* **WORK TASK**
Below are the entries; give again exactly the lines from the one mentioning "#7032 = ORIENTED_EDGE" through the one mentioning "#16501 = CARTESIAN_POINT", inclusive.

* **DATA FOR REVIEW**
# # # # #
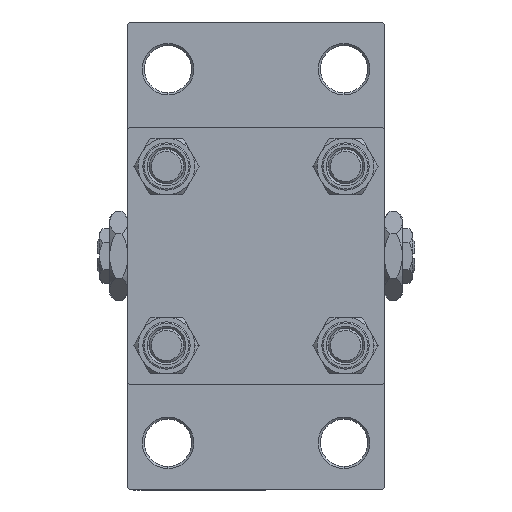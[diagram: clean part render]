
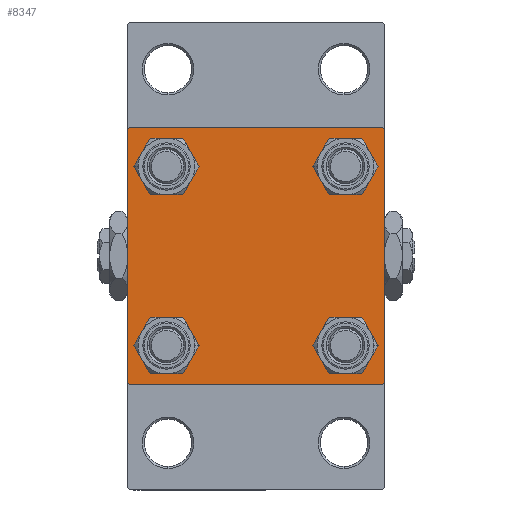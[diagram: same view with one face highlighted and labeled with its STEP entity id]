
A CAD part, left-side view. The second image highlights one B-rep face of the part: STEP entity #8347.
In plain terms, the highlighted planar face has unit normal (-1, 0, 0).
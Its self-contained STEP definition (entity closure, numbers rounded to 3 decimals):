
#43 = AXIS2_PLACEMENT_3D ( 'NONE', #26047, #14294, #49082 ) ;
#144 = EDGE_CURVE ( 'NONE', #37442, #34048, #15936, .T. ) ;
#397 = DIRECTION ( 'NONE',  ( 1., 0., 0. ) ) ;
#1499 = EDGE_LOOP ( 'NONE', ( #22086, #29797, #24526, #15503, #31050, #13532, #24041, #46121 ) ) ;
#2282 = VERTEX_POINT ( 'NONE', #16161 ) ;
#2775 = VERTEX_POINT ( 'NONE', #7494 ) ;
#3073 = CARTESIAN_POINT ( 'NONE',  ( 0., -20.85, 16.35 ) ) ;
#3197 = FACE_BOUND ( 'NONE', #23446, .T. ) ;
#3294 = EDGE_CURVE ( 'NONE', #5189, #2775, #26862, .T. ) ;
#3302 = DIRECTION ( 'NONE',  ( 0., 0., 1. ) ) ;
#3455 = CARTESIAN_POINT ( 'NONE',  ( 0., 20.85, -16.35 ) ) ;
#3626 = VERTEX_POINT ( 'NONE', #4538 ) ;
#3680 = FACE_OUTER_BOUND ( 'NONE', #1499, .T. ) ;
#4002 = DIRECTION ( 'NONE',  ( 0., -0.707, -0.707 ) ) ;
#4020 = CARTESIAN_POINT ( 'NONE',  ( 0., -20.85, 20.85 ) ) ;
#4092 = CARTESIAN_POINT ( 'NONE',  ( 0., 29.75, 29.75 ) ) ;
#4096 = CIRCLE ( 'NONE', #46462, 4.5 ) ;
#4154 = CARTESIAN_POINT ( 'NONE',  ( 0., -20.85, 20.85 ) ) ;
#4258 = ORIENTED_EDGE ( 'NONE', *, *, #25911, .T. ) ;
#4538 = CARTESIAN_POINT ( 'NONE',  ( 0., -29.5, -30. ) ) ;
#4953 = CARTESIAN_POINT ( 'NONE',  ( 0., -20.85, -16.35 ) ) ;
#5189 = VERTEX_POINT ( 'NONE', #37128 ) ;
#5578 = EDGE_CURVE ( 'NONE', #34048, #37442, #11987, .T. ) ;
#5771 = VECTOR ( 'NONE', #39339, 1000. ) ;
#6558 = ORIENTED_EDGE ( 'NONE', *, *, #5578, .T. ) ;
#6607 = VECTOR ( 'NONE', #7766, 1000. ) ;
#7032 = ORIENTED_EDGE ( 'NONE', *, *, #10170, .T. ) ;
#7070 = AXIS2_PLACEMENT_3D ( 'NONE', #32920, #21650, #13900 ) ;
#7443 = FACE_BOUND ( 'NONE', #31485, .T. ) ;
#7494 = CARTESIAN_POINT ( 'NONE',  ( 0., -29.5, 30. ) ) ;
#7632 = CIRCLE ( 'NONE', #18017, 4.5 ) ;
#7766 = DIRECTION ( 'NONE',  ( 0., 0., -1. ) ) ;
#8259 = CARTESIAN_POINT ( 'NONE',  ( 0., 29.75, -29.75 ) ) ;
#8347 = ADVANCED_FACE ( 'NONE', ( #41722, #7443, #3197, #22688, #3680 ), #41463, .T. ) ;
#9307 = ORIENTED_EDGE ( 'NONE', *, *, #46842, .T. ) ;
#9312 = CARTESIAN_POINT ( 'NONE',  ( 0., -20.85, 25.35 ) ) ;
#10170 = EDGE_CURVE ( 'NONE', #20780, #31264, #31353, .T. ) ;
#11137 = CARTESIAN_POINT ( 'NONE',  ( 0., 20.85, -25.35 ) ) ;
#11260 = CIRCLE ( 'NONE', #14447, 4.5 ) ;
#11291 = DIRECTION ( 'NONE',  ( 1., 0., 0. ) ) ;
#11476 = EDGE_LOOP ( 'NONE', ( #18109, #12765 ) ) ;
#11571 = CARTESIAN_POINT ( 'NONE',  ( 0., 30., 29.5 ) ) ;
#11987 = CIRCLE ( 'NONE', #43, 4.5 ) ;
#12227 = DIRECTION ( 'NONE',  ( 0., 0.707, 0.707 ) ) ;
#12331 = DIRECTION ( 'NONE',  ( 1., 0., 0. ) ) ;
#12706 = LINE ( 'NONE', #20481, #23128 ) ;
#12765 = ORIENTED_EDGE ( 'NONE', *, *, #13743, .T. ) ;
#13532 = ORIENTED_EDGE ( 'NONE', *, *, #33805, .T. ) ;
#13743 = EDGE_CURVE ( 'NONE', #32664, #2282, #7632, .T. ) ;
#13900 = DIRECTION ( 'NONE',  ( 0., 0., 1. ) ) ;
#14294 = DIRECTION ( 'NONE',  ( 1., 0., 0. ) ) ;
#14447 = AXIS2_PLACEMENT_3D ( 'NONE', #4020, #33807, #3302 ) ;
#14539 = AXIS2_PLACEMENT_3D ( 'NONE', #34445, #30685, #42208 ) ;
#14998 = AXIS2_PLACEMENT_3D ( 'NONE', #45576, #11291, #18570 ) ;
#15503 = ORIENTED_EDGE ( 'NONE', *, *, #44589, .T. ) ;
#15846 = DIRECTION ( 'NONE',  ( 0., 0., 1. ) ) ;
#15936 = CIRCLE ( 'NONE', #19934, 4.5 ) ;
#16161 = CARTESIAN_POINT ( 'NONE',  ( 0., 20.85, 25.35 ) ) ;
#16501 = CARTESIAN_POINT ( 'NONE',  ( 0., -29.75, -29.75 ) ) ;
#16649 = CARTESIAN_POINT ( 'NONE',  ( 0., -20.85, -25.35 ) ) ;
#17664 = VECTOR ( 'NONE', #28247, 1000. ) ;
#17987 = EDGE_CURVE ( 'NONE', #5189, #45629, #26351, .T. ) ;
#18017 = AXIS2_PLACEMENT_3D ( 'NONE', #31104, #12331, #15846 ) ;
#18109 = ORIENTED_EDGE ( 'NONE', *, *, #27457, .T. ) ;
#18549 = LINE ( 'NONE', #34284, #6607 ) ;
#18570 = DIRECTION ( 'NONE',  ( 0., 0., 1. ) ) ;
#18860 = DIRECTION ( 'NONE',  ( 0., 0.707, -0.707 ) ) ;
#19513 = LINE ( 'NONE', #8259, #27843 ) ;
#19934 = AXIS2_PLACEMENT_3D ( 'NONE', #41421, #25398, #26142 ) ;
#20481 = CARTESIAN_POINT ( 'NONE',  ( 0., -29.75, 29.75 ) ) ;
#20523 = CARTESIAN_POINT ( 'NONE',  ( 0., 20.85, 16.35 ) ) ;
#20780 = VERTEX_POINT ( 'NONE', #9312 ) ;
#21271 = VERTEX_POINT ( 'NONE', #48032 ) ;
#21533 = CARTESIAN_POINT ( 'NONE',  ( 0., 30., -30. ) ) ;
#21650 = DIRECTION ( 'NONE',  ( 1., 0., 0. ) ) ;
#22086 = ORIENTED_EDGE ( 'NONE', *, *, #40365, .T. ) ;
#22688 = FACE_BOUND ( 'NONE', #11476, .T. ) ;
#23128 = VECTOR ( 'NONE', #12227, 1000. ) ;
#23446 = EDGE_LOOP ( 'NONE', ( #6558, #35003 ) ) ;
#23573 = LINE ( 'NONE', #43092, #5771 ) ;
#23996 = VERTEX_POINT ( 'NONE', #4953 ) ;
#24041 = ORIENTED_EDGE ( 'NONE', *, *, #3294, .F. ) ;
#24526 = ORIENTED_EDGE ( 'NONE', *, *, #49156, .T. ) ;
#25398 = DIRECTION ( 'NONE',  ( 1., 0., 0. ) ) ;
#25911 = EDGE_CURVE ( 'NONE', #23996, #33079, #38970, .T. ) ;
#26047 = CARTESIAN_POINT ( 'NONE',  ( 0., 20.85, -20.85 ) ) ;
#26142 = DIRECTION ( 'NONE',  ( 0., 0., 1. ) ) ;
#26351 = LINE ( 'NONE', #4092, #27610 ) ;
#26862 = LINE ( 'NONE', #37896, #29482 ) ;
#27457 = EDGE_CURVE ( 'NONE', #2282, #32664, #28616, .T. ) ;
#27610 = VECTOR ( 'NONE', #18860, 1000. ) ;
#27834 = EDGE_CURVE ( 'NONE', #21271, #37586, #19513, .T. ) ;
#27843 = VECTOR ( 'NONE', #4002, 1000. ) ;
#28247 = DIRECTION ( 'NONE',  ( 0., -0.707, 0.707 ) ) ;
#28616 = CIRCLE ( 'NONE', #7070, 4.5 ) ;
#29217 = ORIENTED_EDGE ( 'NONE', *, *, #48667, .T. ) ;
#29482 = VECTOR ( 'NONE', #42150, 1000. ) ;
#29755 = EDGE_LOOP ( 'NONE', ( #7032, #9307 ) ) ;
#29797 = ORIENTED_EDGE ( 'NONE', *, *, #27834, .T. ) ;
#30685 = DIRECTION ( 'NONE',  ( -1., 0., 0. ) ) ;
#30911 = DIRECTION ( 'NONE',  ( 0., 0., 1. ) ) ;
#31050 = ORIENTED_EDGE ( 'NONE', *, *, #39090, .F. ) ;
#31104 = CARTESIAN_POINT ( 'NONE',  ( 0., 20.85, 20.85 ) ) ;
#31264 = VERTEX_POINT ( 'NONE', #3073 ) ;
#31353 = CIRCLE ( 'NONE', #43374, 4.5 ) ;
#31485 = EDGE_LOOP ( 'NONE', ( #4258, #29217 ) ) ;
#32664 = VERTEX_POINT ( 'NONE', #20523 ) ;
#32920 = CARTESIAN_POINT ( 'NONE',  ( 0., 20.85, 20.85 ) ) ;
#33079 = VERTEX_POINT ( 'NONE', #16649 ) ;
#33173 = CARTESIAN_POINT ( 'NONE',  ( 0., -30., 29.5 ) ) ;
#33805 = EDGE_CURVE ( 'NONE', #37489, #2775, #12706, .T. ) ;
#33807 = DIRECTION ( 'NONE',  ( 1., 0., 0. ) ) ;
#33975 = DIRECTION ( 'NONE',  ( 1., 0., 0. ) ) ;
#34048 = VERTEX_POINT ( 'NONE', #3455 ) ;
#34284 = CARTESIAN_POINT ( 'NONE',  ( 0., 30., 30. ) ) ;
#34445 = CARTESIAN_POINT ( 'NONE',  ( 0., 0., 0. ) ) ;
#35003 = ORIENTED_EDGE ( 'NONE', *, *, #144, .T. ) ;
#35309 = VECTOR ( 'NONE', #47574, 1000. ) ;
#35514 = LINE ( 'NONE', #16501, #17664 ) ;
#37128 = CARTESIAN_POINT ( 'NONE',  ( 0., 29.5, 30. ) ) ;
#37442 = VERTEX_POINT ( 'NONE', #11137 ) ;
#37489 = VERTEX_POINT ( 'NONE', #33173 ) ;
#37586 = VERTEX_POINT ( 'NONE', #45926 ) ;
#37740 = CARTESIAN_POINT ( 'NONE',  ( 0., -20.85, -20.85 ) ) ;
#37896 = CARTESIAN_POINT ( 'NONE',  ( 0., 30., 30. ) ) ;
#38970 = CIRCLE ( 'NONE', #14998, 4.5 ) ;
#39090 = EDGE_CURVE ( 'NONE', #37489, #43379, #23573, .T. ) ;
#39339 = DIRECTION ( 'NONE',  ( 0., 0., -1. ) ) ;
#40365 = EDGE_CURVE ( 'NONE', #45629, #21271, #18549, .T. ) ;
#40566 = LINE ( 'NONE', #21533, #35309 ) ;
#41421 = CARTESIAN_POINT ( 'NONE',  ( 0., 20.85, -20.85 ) ) ;
#41463 = PLANE ( 'NONE',  #14539 ) ;
#41722 = FACE_BOUND ( 'NONE', #29755, .T. ) ;
#42150 = DIRECTION ( 'NONE',  ( 0., -1., 0. ) ) ;
#42208 = DIRECTION ( 'NONE',  ( 0., 0., 1. ) ) ;
#43092 = CARTESIAN_POINT ( 'NONE',  ( 0., -30., 30. ) ) ;
#43374 = AXIS2_PLACEMENT_3D ( 'NONE', #4154, #397, #30911 ) ;
#43379 = VERTEX_POINT ( 'NONE', #46249 ) ;
#44498 = DIRECTION ( 'NONE',  ( 0., 0., 1. ) ) ;
#44589 = EDGE_CURVE ( 'NONE', #3626, #43379, #35514, .T. ) ;
#45576 = CARTESIAN_POINT ( 'NONE',  ( 0., -20.85, -20.85 ) ) ;
#45629 = VERTEX_POINT ( 'NONE', #11571 ) ;
#45926 = CARTESIAN_POINT ( 'NONE',  ( 0., 29.5, -30. ) ) ;
#46121 = ORIENTED_EDGE ( 'NONE', *, *, #17987, .T. ) ;
#46249 = CARTESIAN_POINT ( 'NONE',  ( 0., -30., -29.5 ) ) ;
#46462 = AXIS2_PLACEMENT_3D ( 'NONE', #37740, #33975, #44498 ) ;
#46842 = EDGE_CURVE ( 'NONE', #31264, #20780, #11260, .T. ) ;
#47574 = DIRECTION ( 'NONE',  ( 0., -1., 0. ) ) ;
#48032 = CARTESIAN_POINT ( 'NONE',  ( 0., 30., -29.5 ) ) ;
#48667 = EDGE_CURVE ( 'NONE', #33079, #23996, #4096, .T. ) ;
#49082 = DIRECTION ( 'NONE',  ( 0., 0., 1. ) ) ;
#49156 = EDGE_CURVE ( 'NONE', #37586, #3626, #40566, .T. ) ;
# # # # #
* **YOUR SOLUTION**
#7032 = ORIENTED_EDGE ( 'NONE', *, *, #10170, .T. ) ;
#7070 = AXIS2_PLACEMENT_3D ( 'NONE', #32920, #21650, #13900 ) ;
#7443 = FACE_BOUND ( 'NONE', #31485, .T. ) ;
#7494 = CARTESIAN_POINT ( 'NONE',  ( 0., -29.5, 30. ) ) ;
#7632 = CIRCLE ( 'NONE', #18017, 4.5 ) ;
#7766 = DIRECTION ( 'NONE',  ( 0., 0., -1. ) ) ;
#8259 = CARTESIAN_POINT ( 'NONE',  ( 0., 29.75, -29.75 ) ) ;
#8347 = ADVANCED_FACE ( 'NONE', ( #41722, #7443, #3197, #22688, #3680 ), #41463, .T. ) ;
#9307 = ORIENTED_EDGE ( 'NONE', *, *, #46842, .T. ) ;
#9312 = CARTESIAN_POINT ( 'NONE',  ( 0., -20.85, 25.35 ) ) ;
#10170 = EDGE_CURVE ( 'NONE', #20780, #31264, #31353, .T. ) ;
#11137 = CARTESIAN_POINT ( 'NONE',  ( 0., 20.85, -25.35 ) ) ;
#11260 = CIRCLE ( 'NONE', #14447, 4.5 ) ;
#11291 = DIRECTION ( 'NONE',  ( 1., 0., 0. ) ) ;
#11476 = EDGE_LOOP ( 'NONE', ( #18109, #12765 ) ) ;
#11571 = CARTESIAN_POINT ( 'NONE',  ( 0., 30., 29.5 ) ) ;
#11987 = CIRCLE ( 'NONE', #43, 4.5 ) ;
#12227 = DIRECTION ( 'NONE',  ( 0., 0.707, 0.707 ) ) ;
#12331 = DIRECTION ( 'NONE',  ( 1., 0., 0. ) ) ;
#12706 = LINE ( 'NONE', #20481, #23128 ) ;
#12765 = ORIENTED_EDGE ( 'NONE', *, *, #13743, .T. ) ;
#13532 = ORIENTED_EDGE ( 'NONE', *, *, #33805, .T. ) ;
#13743 = EDGE_CURVE ( 'NONE', #32664, #2282, #7632, .T. ) ;
#13900 = DIRECTION ( 'NONE',  ( 0., 0., 1. ) ) ;
#14294 = DIRECTION ( 'NONE',  ( 1., 0., 0. ) ) ;
#14447 = AXIS2_PLACEMENT_3D ( 'NONE', #4020, #33807, #3302 ) ;
#14539 = AXIS2_PLACEMENT_3D ( 'NONE', #34445, #30685, #42208 ) ;
#14998 = AXIS2_PLACEMENT_3D ( 'NONE', #45576, #11291, #18570 ) ;
#15503 = ORIENTED_EDGE ( 'NONE', *, *, #44589, .T. ) ;
#15846 = DIRECTION ( 'NONE',  ( 0., 0., 1. ) ) ;
#15936 = CIRCLE ( 'NONE', #19934, 4.5 ) ;
#16161 = CARTESIAN_POINT ( 'NONE',  ( 0., 20.85, 25.35 ) ) ;
#16501 = CARTESIAN_POINT ( 'NONE',  ( 0., -29.75, -29.75 ) ) ;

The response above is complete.